• Source material:
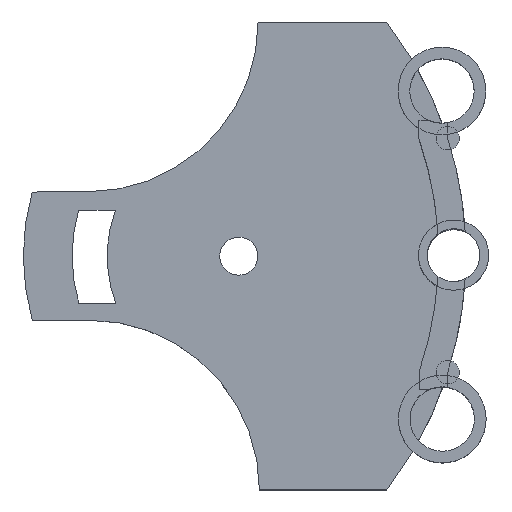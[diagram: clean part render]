
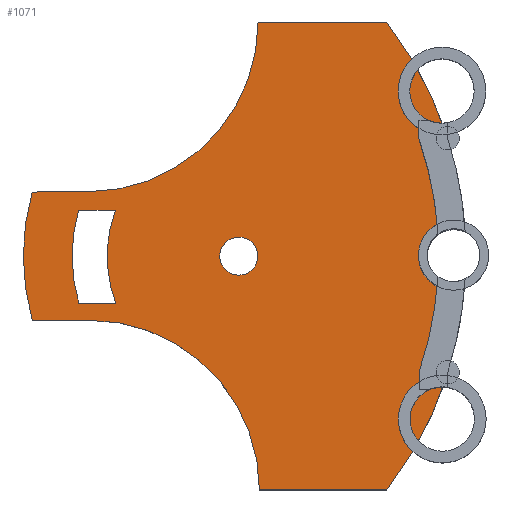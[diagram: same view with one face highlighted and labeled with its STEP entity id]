
A CAD part, top view. The second image highlights one B-rep face of the part: STEP entity #1071.
In plain terms, the highlighted planar face has unit normal (0, 0, 1).
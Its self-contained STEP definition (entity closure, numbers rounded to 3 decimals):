
#39=FACE_BOUND('',#200,.T.);
#40=FACE_BOUND('',#201,.T.);
#82=PLANE('',#1260);
#133=FACE_OUTER_BOUND('',#199,.T.);
#199=EDGE_LOOP('',(#857,#858,#859,#860,#861,#862,#863,#864,#865,#866,#867,
#868,#869,#870));
#200=EDGE_LOOP('',(#871,#872,#873,#874));
#201=EDGE_LOOP('',(#875));
#288=LINE('',#1888,#371);
#289=LINE('',#1890,#372);
#290=LINE('',#1894,#373);
#291=LINE('',#1898,#374);
#292=LINE('',#1901,#375);
#293=LINE('',#1903,#376);
#294=LINE('',#1907,#377);
#295=LINE('',#1911,#378);
#371=VECTOR('',#1531,10.);
#372=VECTOR('',#1532,10.);
#373=VECTOR('',#1535,10.);
#374=VECTOR('',#1538,10.);
#375=VECTOR('',#1541,10.);
#376=VECTOR('',#1542,10.);
#377=VECTOR('',#1545,10.);
#378=VECTOR('',#1548,10.);
#424=CIRCLE('',#1215,33.);
#428=CIRCLE('',#1220,3.);
#441=CIRCLE('',#1235,33.);
#445=CIRCLE('',#1240,30.669);
#456=CIRCLE('',#1261,14.5);
#457=CIRCLE('',#1262,20.);
#458=CIRCLE('',#1263,14.5);
#459=CIRCLE('',#1264,30.669);
#460=CIRCLE('',#1265,14.25);
#461=CIRCLE('',#1266,11.25);
#462=CIRCLE('',#1267,1.625);
#492=VERTEX_POINT('',#1748);
#493=VERTEX_POINT('',#1750);
#500=VERTEX_POINT('',#1766);
#502=VERTEX_POINT('',#1769);
#523=VERTEX_POINT('',#1815);
#524=VERTEX_POINT('',#1817);
#531=VERTEX_POINT('',#1834);
#547=VERTEX_POINT('',#1889);
#548=VERTEX_POINT('',#1891);
#549=VERTEX_POINT('',#1893);
#550=VERTEX_POINT('',#1895);
#551=VERTEX_POINT('',#1897);
#552=VERTEX_POINT('',#1899);
#553=VERTEX_POINT('',#1902);
#554=VERTEX_POINT('',#1905);
#555=VERTEX_POINT('',#1906);
#556=VERTEX_POINT('',#1908);
#557=VERTEX_POINT('',#1910);
#558=VERTEX_POINT('',#1913);
#597=EDGE_CURVE('',#492,#493,#424,.T.);
#606=EDGE_CURVE('',#502,#500,#428,.T.);
#630=EDGE_CURVE('',#523,#524,#441,.T.);
#640=EDGE_CURVE('',#500,#531,#445,.T.);
#667=EDGE_CURVE('',#531,#493,#288,.T.);
#668=EDGE_CURVE('',#492,#547,#289,.T.);
#669=EDGE_CURVE('',#547,#548,#456,.T.);
#670=EDGE_CURVE('',#548,#549,#290,.T.);
#671=EDGE_CURVE('',#549,#550,#457,.T.);
#672=EDGE_CURVE('',#550,#551,#291,.T.);
#673=EDGE_CURVE('',#551,#552,#458,.T.);
#674=EDGE_CURVE('',#552,#524,#292,.T.);
#675=EDGE_CURVE('',#523,#553,#293,.T.);
#676=EDGE_CURVE('',#553,#502,#459,.T.);
#677=EDGE_CURVE('',#554,#555,#294,.T.);
#678=EDGE_CURVE('',#555,#556,#460,.T.);
#679=EDGE_CURVE('',#556,#557,#295,.T.);
#680=EDGE_CURVE('',#557,#554,#461,.T.);
#681=EDGE_CURVE('',#558,#558,#462,.T.);
#857=ORIENTED_EDGE('',*,*,#606,.T.);
#858=ORIENTED_EDGE('',*,*,#640,.T.);
#859=ORIENTED_EDGE('',*,*,#667,.T.);
#860=ORIENTED_EDGE('',*,*,#597,.F.);
#861=ORIENTED_EDGE('',*,*,#668,.T.);
#862=ORIENTED_EDGE('',*,*,#669,.T.);
#863=ORIENTED_EDGE('',*,*,#670,.T.);
#864=ORIENTED_EDGE('',*,*,#671,.T.);
#865=ORIENTED_EDGE('',*,*,#672,.T.);
#866=ORIENTED_EDGE('',*,*,#673,.T.);
#867=ORIENTED_EDGE('',*,*,#674,.T.);
#868=ORIENTED_EDGE('',*,*,#630,.F.);
#869=ORIENTED_EDGE('',*,*,#675,.T.);
#870=ORIENTED_EDGE('',*,*,#676,.T.);
#871=ORIENTED_EDGE('',*,*,#677,.T.);
#872=ORIENTED_EDGE('',*,*,#678,.T.);
#873=ORIENTED_EDGE('',*,*,#679,.T.);
#874=ORIENTED_EDGE('',*,*,#680,.T.);
#875=ORIENTED_EDGE('',*,*,#681,.T.);
#1071=ADVANCED_FACE('',(#133,#39,#40),#82,.T.);
#1215=AXIS2_PLACEMENT_3D('',#1751,#1401,#1402);
#1220=AXIS2_PLACEMENT_3D('',#1770,#1416,#1417);
#1235=AXIS2_PLACEMENT_3D('',#1818,#1457,#1458);
#1240=AXIS2_PLACEMENT_3D('',#1836,#1473,#1474);
#1260=AXIS2_PLACEMENT_3D('',#1887,#1529,#1530);
#1261=AXIS2_PLACEMENT_3D('',#1892,#1533,#1534);
#1262=AXIS2_PLACEMENT_3D('',#1896,#1536,#1537);
#1263=AXIS2_PLACEMENT_3D('',#1900,#1539,#1540);
#1264=AXIS2_PLACEMENT_3D('',#1904,#1543,#1544);
#1265=AXIS2_PLACEMENT_3D('',#1909,#1546,#1547);
#1266=AXIS2_PLACEMENT_3D('',#1912,#1549,#1550);
#1267=AXIS2_PLACEMENT_3D('',#1914,#1551,#1552);
#1401=DIRECTION('center_axis',(0.,0.,-1.));
#1402=DIRECTION('ref_axis',(0.796,-0.606,0.));
#1416=DIRECTION('center_axis',(0.,0.,-1.));
#1417=DIRECTION('ref_axis',(-1.,0.,0.));
#1457=DIRECTION('center_axis',(0.,0.,-1.));
#1458=DIRECTION('ref_axis',(0.796,-0.606,0.));
#1473=DIRECTION('center_axis',(0.,0.,1.));
#1474=DIRECTION('ref_axis',(0.758,-0.652,0.));
#1529=DIRECTION('center_axis',(0.,0.,1.));
#1530=DIRECTION('ref_axis',(1.,0.,0.));
#1531=DIRECTION('',(1.,0.,0.));
#1532=DIRECTION('',(-1.,0.,0.));
#1533=DIRECTION('center_axis',(0.,0.,-1.));
#1534=DIRECTION('ref_axis',(0.007,-1.,0.));
#1535=DIRECTION('',(-1.,-0.007,0.));
#1536=DIRECTION('center_axis',(0.,0.,1.));
#1537=DIRECTION('ref_axis',(-0.962,0.273,0.));
#1538=DIRECTION('',(1.,0.,0.));
#1539=DIRECTION('center_axis',(0.,0.,-1.));
#1540=DIRECTION('ref_axis',(1.,0.,0.));
#1541=DIRECTION('',(1.,0.,0.));
#1542=DIRECTION('',(-1.,0.,0.));
#1543=DIRECTION('center_axis',(0.,0.,1.));
#1544=DIRECTION('ref_axis',(0.758,-0.652,0.));
#1545=DIRECTION('',(-1.,0.,0.));
#1546=DIRECTION('center_axis',(0.,0.,-1.));
#1547=DIRECTION('ref_axis',(-0.961,0.275,0.));
#1548=DIRECTION('',(1.,0.,0.));
#1549=DIRECTION('center_axis',(0.,0.,1.));
#1550=DIRECTION('ref_axis',(-0.937,0.349,0.));
#1551=DIRECTION('center_axis',(0.,0.,-1.));
#1552=DIRECTION('ref_axis',(-1.,0.,0.));
#1748=CARTESIAN_POINT('',(405.387,125.,3.));
#1750=CARTESIAN_POINT('',(410.592,115.,3.));
#1751=CARTESIAN_POINT('Origin',(379.147,104.988,3.));
#1766=CARTESIAN_POINT('',(409.7,107.653,3.));
#1769=CARTESIAN_POINT('',(409.702,102.346,3.));
#1770=CARTESIAN_POINT('Origin',(411.1,105.,3.));
#1815=CARTESIAN_POINT('',(410.6,95.,3.));
#1817=CARTESIAN_POINT('',(405.405,85.,3.));
#1818=CARTESIAN_POINT('Origin',(379.147,104.988,3.));
#1834=CARTESIAN_POINT('',(408.136,115.,3.));
#1836=CARTESIAN_POINT('Origin',(379.147,104.988,3.));
#1887=CARTESIAN_POINT('Origin',(381.074,105.,3.));
#1888=CARTESIAN_POINT('',(402.387,115.,3.));
#1889=CARTESIAN_POINT('',(394.387,125.,3.));
#1890=CARTESIAN_POINT('',(405.387,125.,3.));
#1891=CARTESIAN_POINT('',(379.989,110.5,3.));
#1892=CARTESIAN_POINT('Origin',(379.887,125.,3.));
#1893=CARTESIAN_POINT('',(375.08,110.466,3.));
#1894=CARTESIAN_POINT('',(379.989,110.5,3.));
#1895=CARTESIAN_POINT('',(375.089,99.5,3.));
#1896=CARTESIAN_POINT('Origin',(394.318,105.,3.));
#1897=CARTESIAN_POINT('',(380.,99.5,3.));
#1898=CARTESIAN_POINT('',(375.089,99.5,3.));
#1899=CARTESIAN_POINT('',(394.5,85.,3.));
#1900=CARTESIAN_POINT('Origin',(380.,85.,3.));
#1901=CARTESIAN_POINT('',(405.405,85.,3.));
#1902=CARTESIAN_POINT('',(408.144,95.,3.));
#1903=CARTESIAN_POINT('',(402.408,95.,3.));
#1904=CARTESIAN_POINT('Origin',(379.147,104.988,3.));
#1905=CARTESIAN_POINT('',(382.23,100.966,3.));
#1906=CARTESIAN_POINT('',(379.066,100.966,3.));
#1907=CARTESIAN_POINT('',(381.652,100.966,3.));
#1908=CARTESIAN_POINT('',(379.04,108.907,3.));
#1909=CARTESIAN_POINT('Origin',(392.738,104.982,3.));
#1910=CARTESIAN_POINT('',(382.195,108.907,3.));
#1911=CARTESIAN_POINT('',(380.057,108.907,3.));
#1912=CARTESIAN_POINT('Origin',(392.738,104.982,3.));
#1913=CARTESIAN_POINT('',(394.363,104.982,3.));
#1914=CARTESIAN_POINT('Origin',(392.738,104.982,3.));

• To do: Give an exact copy of the lines above from the line with "#676=EDGE_CURVE('',#553,#502,#459,.T.);" up to and including the line with "#857=ORIENTED_EDGE('',*,*,#606,.T.);", and leave everything else out.

• Exercise output:
#676=EDGE_CURVE('',#553,#502,#459,.T.);
#677=EDGE_CURVE('',#554,#555,#294,.T.);
#678=EDGE_CURVE('',#555,#556,#460,.T.);
#679=EDGE_CURVE('',#556,#557,#295,.T.);
#680=EDGE_CURVE('',#557,#554,#461,.T.);
#681=EDGE_CURVE('',#558,#558,#462,.T.);
#857=ORIENTED_EDGE('',*,*,#606,.T.);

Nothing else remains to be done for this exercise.